4.4 Clothing Matching

Finally, the algorithms described in Sects. 4.1 to 4.3 result in several input parameters for the coarse to fine clothing matching. First of all, we incorporate the Face++ metadata as an index filter, i.e., we use the returned attributes to filter the clothing indexes on gender and age. By incorporating this information, we can already significantly improve the results. Furthermore, we also generated LIRE based clothing indexes for each predefined clothing type (similar to those of the classification task). Based on the recognized clothing type, we use global image features of the clothing patch to find the best visual match within the particular index. Finally, by reranking the CEDD [16], FCTH [17] and PHOG [29] features, we are able to generate decent results, i.e., the majority of top-3 matches in our test cases are subjectively marked as relevant by our lead users. Figure 3 gives a general overview of all different steps involved in finding a clothing match.

Fig. 3.
figure 3

Overview of the proposed clothing matching strategy - experimental results based on “Keeping Up with the Kardashians”.

Fig. 4.
figure 4

Tool for manual verification and correction of the clothing match showing the keyframe (left), the best clothing matches based on the adaptable gender and clothing type estimation (middle), and a proposal of similar fashion accessories (right).

5 Demonstrator

In order to facilitate manual verification of the clothing type and the proposed clothing patch, we have built a validation tool (shown in Fig. 4). First, gender and clothing type is predicted based on an input frame. Wrong predictions can easily be corrected by the evaluator. Second, a clothing patch is suggested. If the proposed patch is incorrect, a new region of interest can be drawn manually. Third, the search query shows the best matches with their corresponding matching rate. The lower the rate, the higher the visual features correspond. Furthermore, some fashion accessories are proposed that are similar to the color and texture of the best clothing match. This will facilitate the e-commerce shopping by enabling shopping for a complete look. Finally, The matches from our clothing tagging are stored in XML/JSON format and they are labeled with the corresponding video timestamp, location, matching accuracy, and the actors id. Actor-based querying can be performed using the trainable Face++ recognition.

Fig. 5.
figure 5

Corresponding keyframes (left) and top-5 matches (right) for actors wardrobe based on the Zalando dataset.
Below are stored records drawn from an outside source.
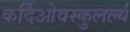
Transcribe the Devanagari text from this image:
कर्दिओवस्कुलर्ल्य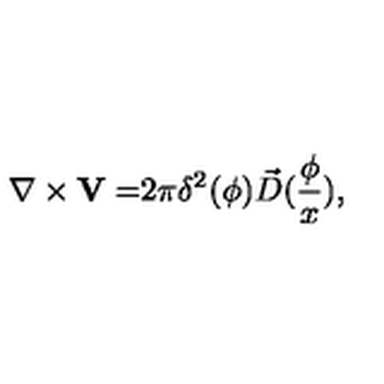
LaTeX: \nabla \times { \bf V = } 2 \pi \delta ^ { 2 } ( { \bf \phi } ) \vec { D } ( \frac \phi x ) ,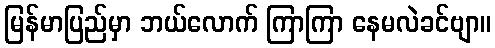
မြန်မာပြည်မှာ ဘယ်လောက် ကြာကြာ နေမလဲခင်ဗျာ။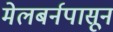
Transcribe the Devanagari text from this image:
मेलबर्नपासून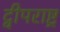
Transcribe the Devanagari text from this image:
द्वीपराष्ट्र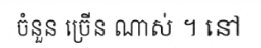
ចំនួន ច្រើន ណាស់ ។ នៅ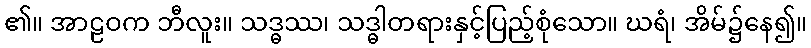
၏။ အာဠဝက ဘီလူး။ သဒ္ဓဿ၊ သဒ္ဓါတရားနှင့်ပြည့်စုံသော။ ဃရံ၊ အိမ်၌နေ၍။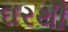
ઘરથી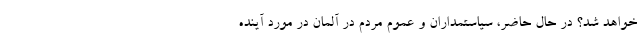
خواهد شد؟ در حال حاضر، سیاستمداران و عموم مردم در آلمان در مورد آینده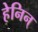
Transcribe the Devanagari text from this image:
हेनिन्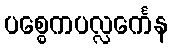
ပစ္စေကပလ္လင်္ကေန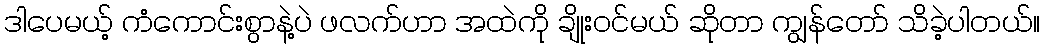
ဒါပေမယ့် ကံကောင်းစွာနဲ့ပဲ ဖလက်ဟာ အထဲကို ချိုးဝင်မယ် ဆိုတာ ကျွန်တော် သိခဲ့ပါတယ်။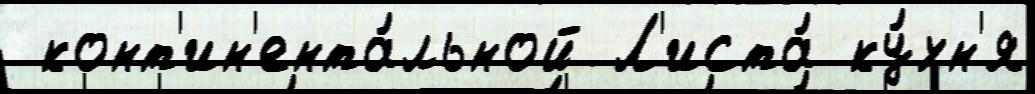
 конт'ин'ента́льной Л'иста́ ку́хн'я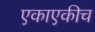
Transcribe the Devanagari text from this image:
एकाएकीच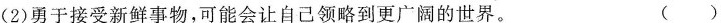
(2)勇于接受新鲜事物，可能会让自己领略到更广阔的世界。( )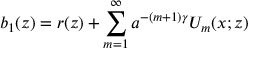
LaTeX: b _ { 1 } ( z ) = r ( z ) + \sum _ { m = 1 } ^ { \infty } a ^ { - ( m + 1 ) \gamma } U _ { m } ( x ; z )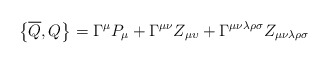
\begin{align*}\left\{ \overline{Q},Q\right\} =\Gamma ^{\mu }P_{\mu }+\Gamma ^{\mu \nu}Z_{\mu \upsilon }+\Gamma ^{\mu \nu \lambda \rho \sigma }Z_{\mu \nu \lambda\rho \sigma } \end{align*}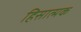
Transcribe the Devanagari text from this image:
हिसात्मक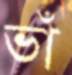
ভাঁ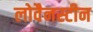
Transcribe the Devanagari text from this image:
लोवैनस्टीन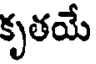
కృతయే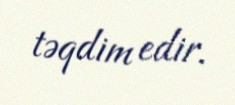
təqdim edir.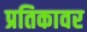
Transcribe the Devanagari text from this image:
प्रतिकावर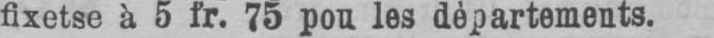
fixetse à 5 fr. 75 pou les dèpartements.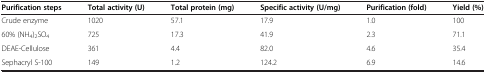
<table><thead><tr><td><b>Purification steps</b></td><td><b>Total activity (U)</b></td><td><b>Total protein (mg)</b></td><td><b>Specific activity (U/mg)</b></td><td><b>Purification (fold)</b></td><td><b>Yield (%)</b></td></tr></thead><tbody><tr><td>Crude enzyme</td><td>1020</td><td>57.1</td><td>17.9</td><td>1.0</td><td>100</td></tr><tr><td>60% (NH<sub>4</sub>)<sub>2</sub>SO<sub>4</sub></td><td>725</td><td>17.3</td><td>41.9</td><td>2.3</td><td>71.1</td></tr><tr><td>DEAE-Cellulose</td><td>361</td><td>4.4</td><td>82.0</td><td>4.6</td><td>35.4</td></tr><tr><td>Sephacryl S-100</td><td>149</td><td>1.2</td><td>124.2</td><td>6.9</td><td>14.6</td></tr></tbody></table>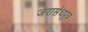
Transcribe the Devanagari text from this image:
जरासंधपुत्र

The XML/JSON spatio-temporal actor wardrobes can be used in a wide range of applications, such as second screen TV shopping apps and video clothing search engines. To show the effectiveness of our clothing tagging framework, we show some results of our semi-automated tool in Fig. 5. There is no straight forward way to evaluate the clothing matches because there is no exact match in the clothing dataset. However, subjective evaluation with our lead users have shown that the given matches are highly relevant.

6 Conclusion and Future Work

In this paper we proposed a novel methodology for linking clothing of actors to their corresponding keyframe. The proposed spatio-temporal actor wardrobes help improving the viewing experience and facilitate e-commerce shopping by making the TV content interactive and allowing you to shop what you see.

Currently, it is not possible to fully automate the clothing recognition pipeline. However, based on the proposed methodology a large reduction of the manual tagging effort is already achieved. Future work will optimize the clothing type classification and the overall scene understanding. Furthermore, a larger evaluation of the proposed shot detection and keyframe generator will be performed. Finally, it is important to stress that the continuous evolution in fine grained image understanding and classification is expected to further improve the proposed methodology in the upcoming years.